Reviewed-by: kvn, sviswanathan
This commit is contained in:
Jatin Bhateja 2022-01-06 18:41:06 +00:00
parent bc12381105
commit 8703f14808
12 changed files with 1413 additions and 51 deletions

View file

@ -1,5 +1,5 @@
/*
* Copyright (c) 1997, 2021, Oracle and/or its affiliates. All rights reserved.
* Copyright (c) 1997, 2022, Oracle and/or its affiliates. All rights reserved.

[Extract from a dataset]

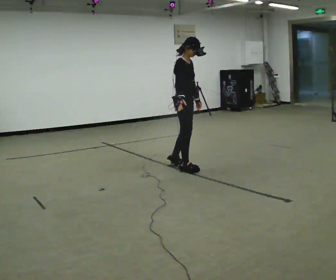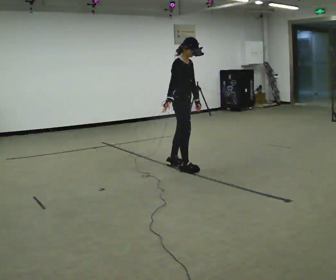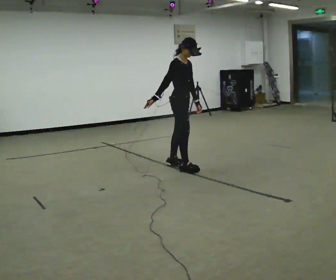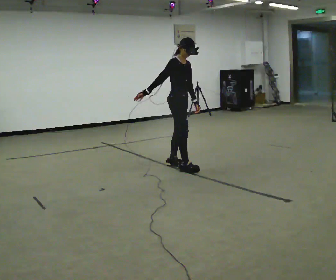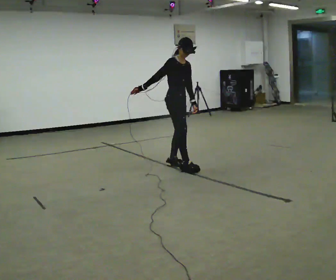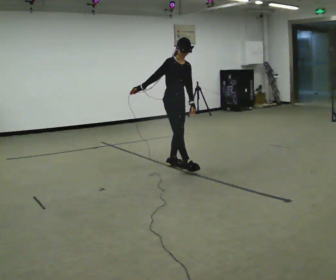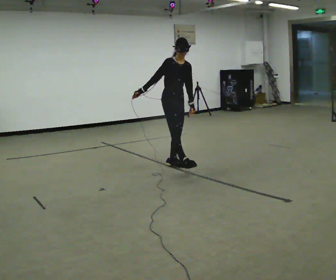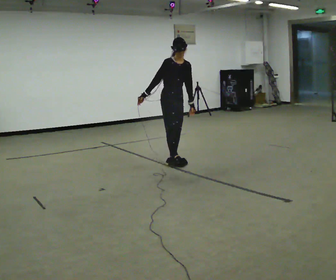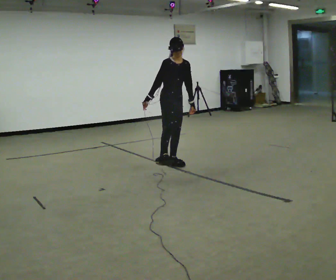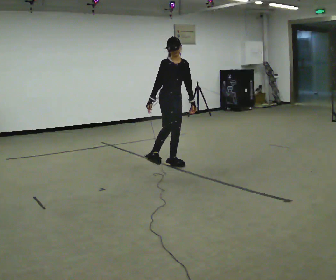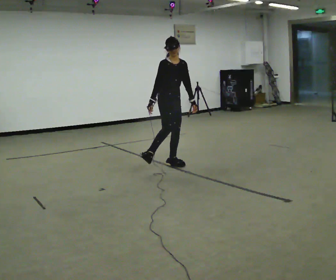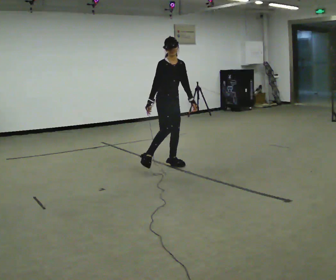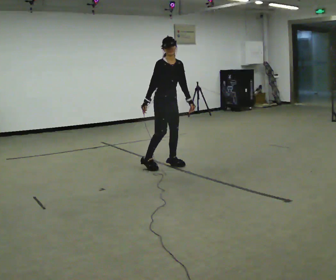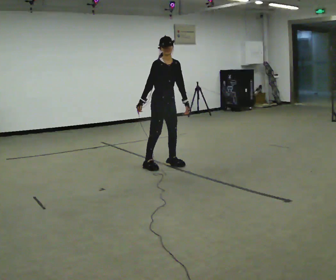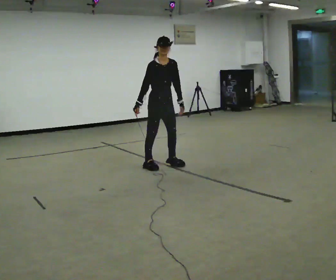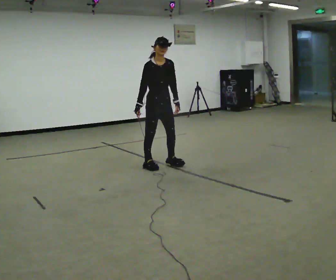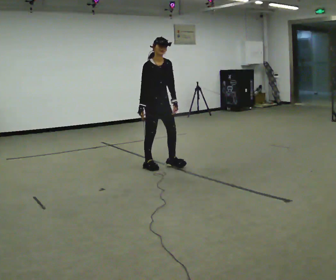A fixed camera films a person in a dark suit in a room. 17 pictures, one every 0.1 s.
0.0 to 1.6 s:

* DO NOT ALTER OR REMOVE COPYRIGHT NOTICES OR THIS FILE HEADER.
*
* This code is free software; you can redistribute it and/or modify it
@ -2375,7 +2375,6 @@ bool Compile::has_vbox_nodes() {
static bool is_vector_unary_bitwise_op(Node* n) {
return n->Opcode() == Op_XorV &&
n->req() == 2 &&
VectorNode::is_vector_bitwise_not_pattern(n);
}
@ -2383,7 +2382,7 @@ static bool is_vector_binary_bitwise_op(Node* n) {
switch (n->Opcode()) {
case Op_AndV:
case Op_OrV:
return n->req() == 2;
return true;
case Op_XorV:
return !is_vector_unary_bitwise_op(n);
@ -2415,11 +2414,12 @@ static bool is_vector_bitwise_cone_root(Node* n) {
return true;
}
static uint collect_unique_inputs(Node* n, Unique_Node_List& partition, Unique_Node_List& inputs) {
static uint collect_unique_inputs(Node* n, Unique_Node_List& inputs) {
uint cnt = 0;
if (is_vector_bitwise_op(n)) {
uint inp_cnt = n->is_predicated_vector() ? n->req()-1 : n->req();
if (VectorNode::is_vector_bitwise_not_pattern(n)) {
for (uint i = 1; i < n->req(); i++) {
for (uint i = 1; i < inp_cnt; i++) {
Node* in = n->in(i);
bool skip = VectorNode::is_all_ones_vector(in);
if (!skip && !inputs.member(in)) {
@ -2429,9 +2429,9 @@ static uint collect_unique_inputs(Node* n, Unique_Node_List& partition, Unique_N
}
assert(cnt <= 1, "not unary");
} else {
uint last_req = n->req();
uint last_req = inp_cnt;
if (is_vector_ternary_bitwise_op(n)) {
last_req = n->req() - 1; // skip last input
last_req = inp_cnt - 1; // skip last input
}
for (uint i = 1; i < last_req; i++) {
Node* def = n->in(i);
@ -2441,7 +2441,6 @@ static uint collect_unique_inputs(Node* n, Unique_Node_List& partition, Unique_N
}
}
}
partition.push(n);
} else { // not a bitwise operations
if (!inputs.member(n)) {
inputs.push(n);
@ -2476,7 +2475,10 @@ Node* Compile::xform_to_MacroLogicV(PhaseIterGVN& igvn,
Node* in3 = (inputs.size() == 3 ? inputs.at(2) : in2);
uint func = compute_truth_table(partition, inputs);
return igvn.transform(MacroLogicVNode::make(igvn, in3, in2, in1, func, vt));
Node* pn = partition.at(partition.size() - 1);
Node* mask = pn->is_predicated_vector() ? pn->in(pn->req()-1) : NULL;
return igvn.transform(MacroLogicVNode::make(igvn, in1, in2, in3, mask, func, vt));
}
static uint extract_bit(uint func, uint pos) {
@ -2556,11 +2558,11 @@ uint Compile::compute_truth_table(Unique_Node_List& partition, Unique_Node_List&
// Populate precomputed functions for inputs.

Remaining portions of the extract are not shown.